Up all night, sleep all day, just another strange day at NRA



I started to fade a little yesterday at the end of class. I was exhausted. I was reading aloud from The Last American Man and had been reading for about an hour when all of a sudden I felt like I was about to keel over. But the water was warm, the sun was out and the wave was in, so I decided to get in my boat and I'd probably start to feel better. I strapped on my wet booties, put on my shorts and my still damp poly-pro top, then headed over to my cabin to get my PFD. Then I saw the bed, my sleeping bag, so inviting, so soft....and decided to just have a quick lie down. Just for a moment. So, wearing my cold, damp river gear I fell straight forward onto my pillow, like a tree falling, or a dead person. And I realized I couldn't get up. I couldn't even move. No worries, I figured, the kids will be paddling for hours out there, no harm in just....

.....3 1/2 hours later I woke up. The early evening sunlight was softer, and most of the kids had already paddled home, showered, and were lying around in their pajamas staring at You-tube videos.

Waking up in the middle of the day, particularly when you had not planned to sleep in the first place, is disorienting. I spent a few hours running my eyes over The Grapes of Wrath and fiddling with the aperture on my camera to prepare for the next day's classes, but I couldn't concentrate. Then I taught an SAT prep-class, then I read aloud for another half an hour to my English II boys, who were half asleep themselves on the couch. At 10 o'clock I staggered across the banks of the Ottawa to my cabin and fell hard asleep.

I woke up in the middle of the night. I hardly ever do this. For a minute I felt nothing, and I wondered why I was awake. Did I have to pee? No. Hmm. Puzzle. And then, I felt it. A stab of pain through my stomach unlike anything I had felt before. It was like a bolt of lightning, like someone had hooked me up to a telephone and was running shocks through me. Then another. Then a blinding storm of pain that lasted the entire night. I was up, wide eyed, trying not to move, and nothing (NOTHING) I did made the pain abate. Nothing gave me so much as a moment's relief. I could barely breathe. Hours went by like this, until I saw dawn creep up over the Ottawa valley and the mist begin to rise off the grass outside my windows.

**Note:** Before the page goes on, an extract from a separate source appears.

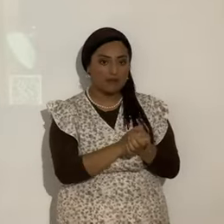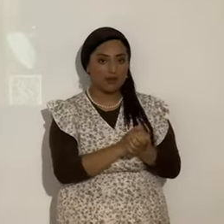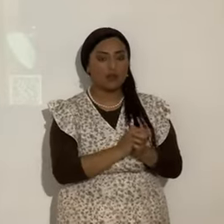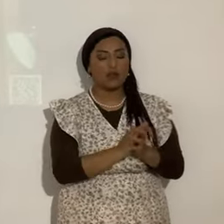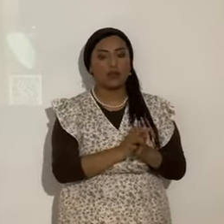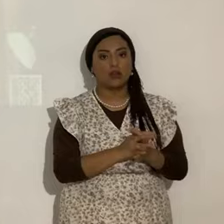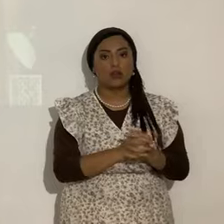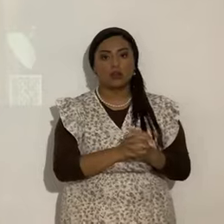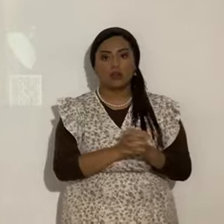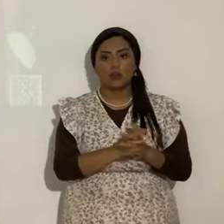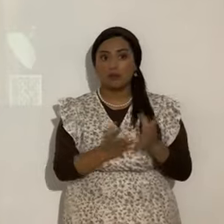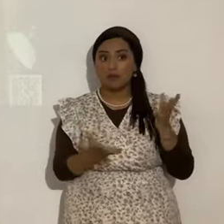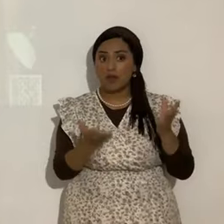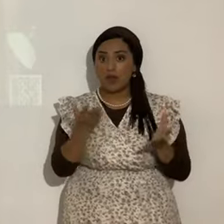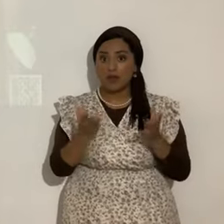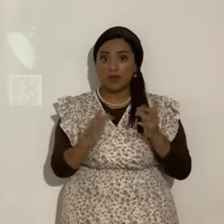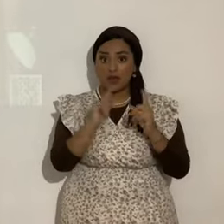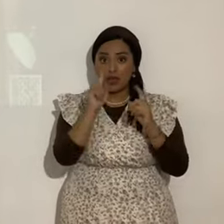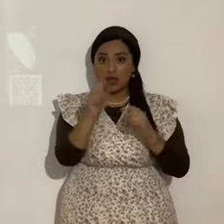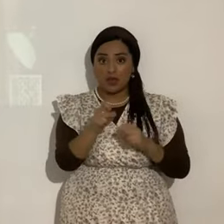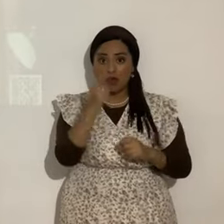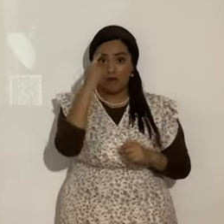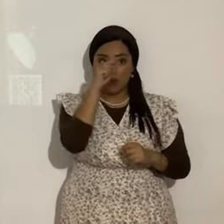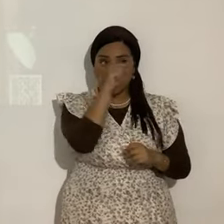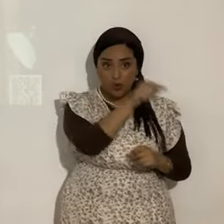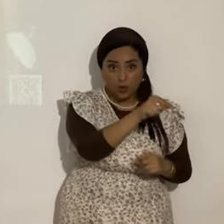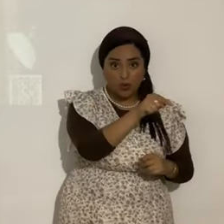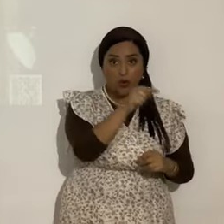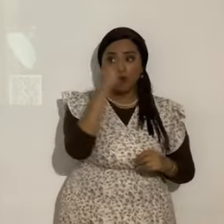No será esa pregunta hoy para ti. Para ti. Para ti. Para mí.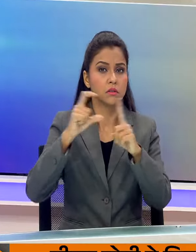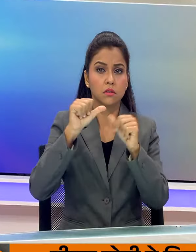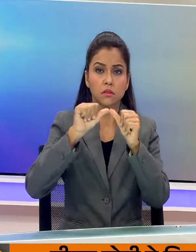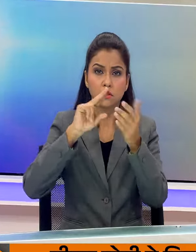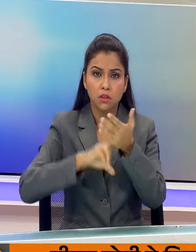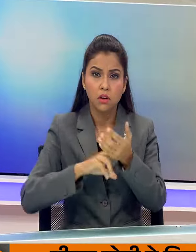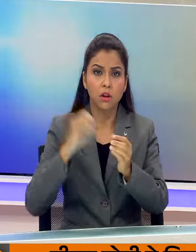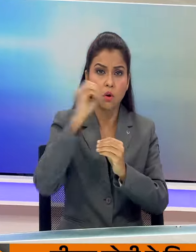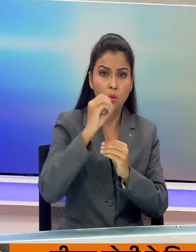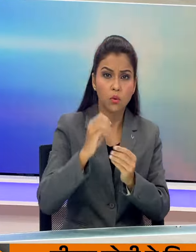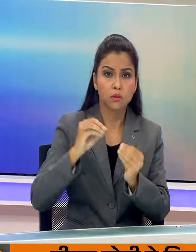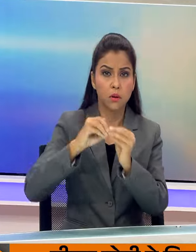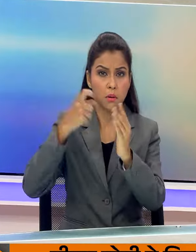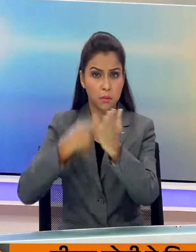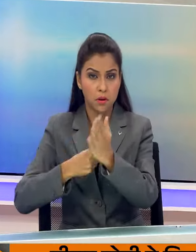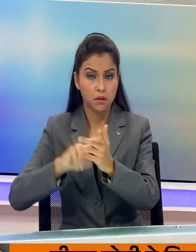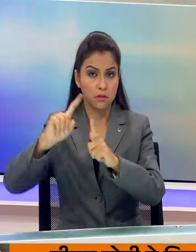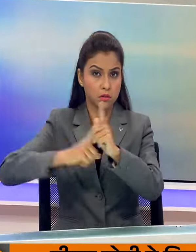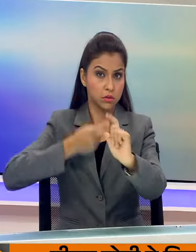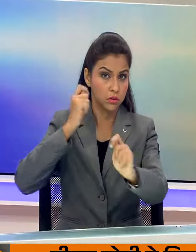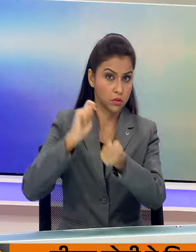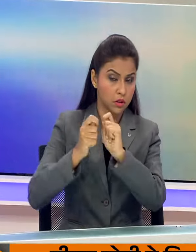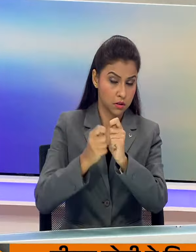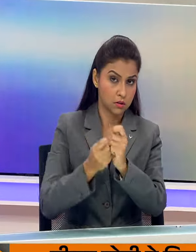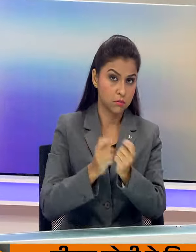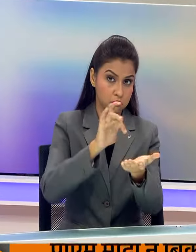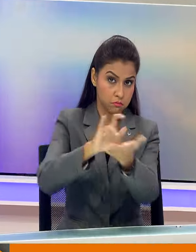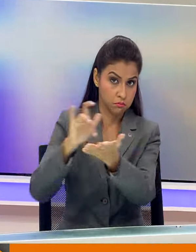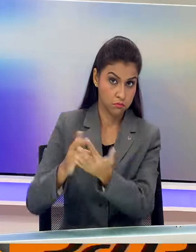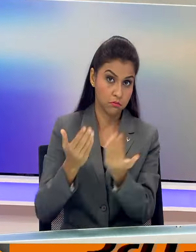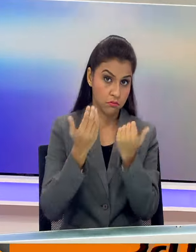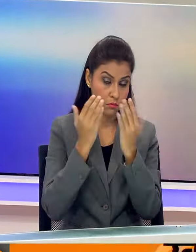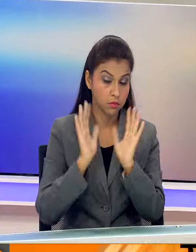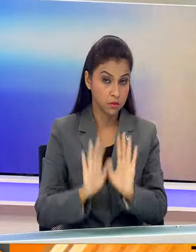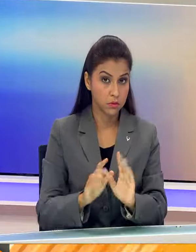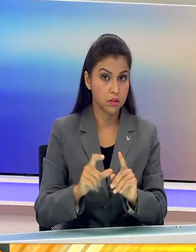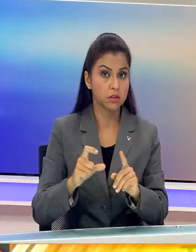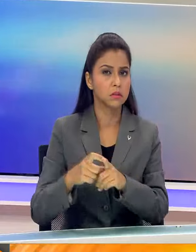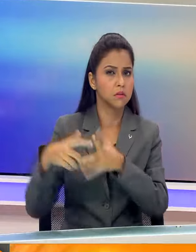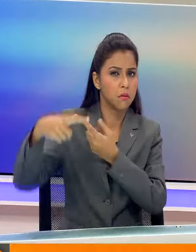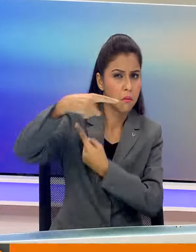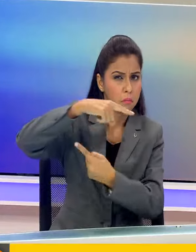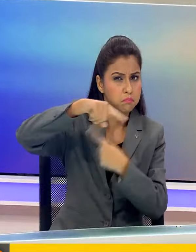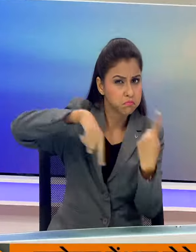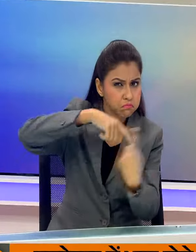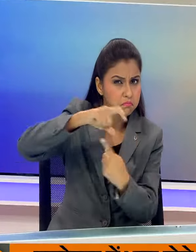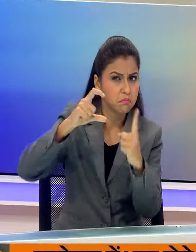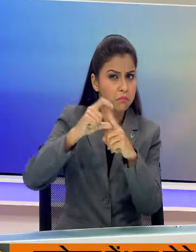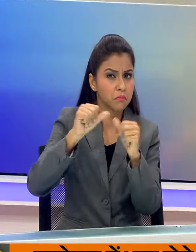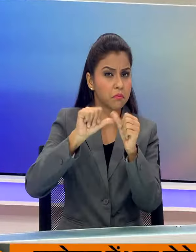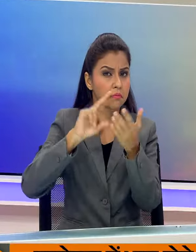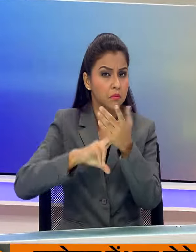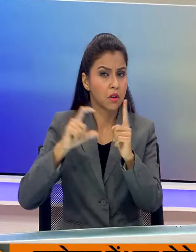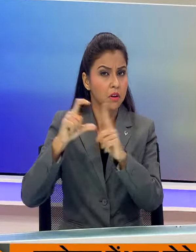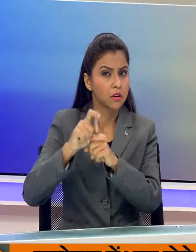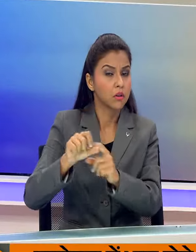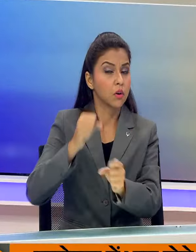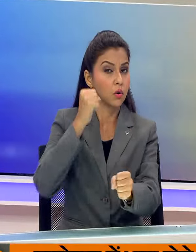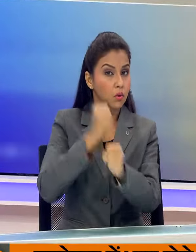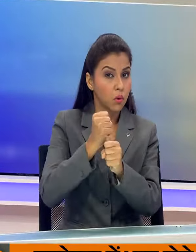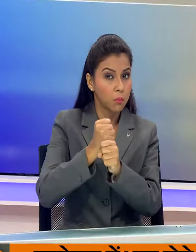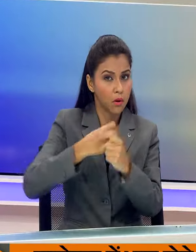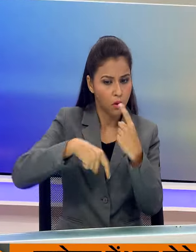ओडिशा, बिहार और जारखंट तक दिख सकता है चक्रवाती तुफान दाना से निपटने के लिए राज्य सरकारों ने

Finally, when I heard everyone else waking up and head off to workout, I got up long enough to tell the first person I saw to cancel my classes, and then I lay back down. Finally I sifted back to sleep and slept and woke up and slept and woke up feverishly for hours. Finally, at 3pm, as the final class period was ending, I woke up for good. My dog had slept next to me the entire time, 17 hours since we had initially lay down for the night.

I felt a little better but still off kilter. The dog and I went inside and I read aloud for half an hour to my class. Yes, it would make a lot more sense for the kids to read to themselves, but we don't have enough books, somehow. So I read to them. They say they like better that way, anyway. Of course they do. All they have to do is curl up on a couch and shut their eyes and pet the dog. I like it too, though, it's a nice change of pace. They don't dread English class, that's for sure.

So after my strange day of dreaming and pain, I geared up and slid into the water in a new boat, a Pyranah 420 I borrowed from Nicole Mansfield, who is up visiting with Dave Fusili. The water, I noticed for the first time, was the same color as the beef aspic in the movie Julie and Julia, and warm as bath water. With no one else on the river besides Nicole, Dave, Andy and Matt, we had complete reign of the waves. For the first time I hit babyface dead on and got three long surf sessions in.

And now I can barely keep my eyes open, the rats seem to be tromping back into my stomach for another all-night chew session, and I wonder when I'll start to feel better. I took the whole summer off and had a team of natureopathic doctors working with me, I took pills and oils and gells and medicinal teas and had all sorts of things donw, but I never got any answers, and I didn't get much better. I can't just wait around forever and hope I start to feel better, so life goes on and I'm back at work, which coincidentally is the worst place to be when you're sick. Life goes on....but it would be so much easier if I could just feel better.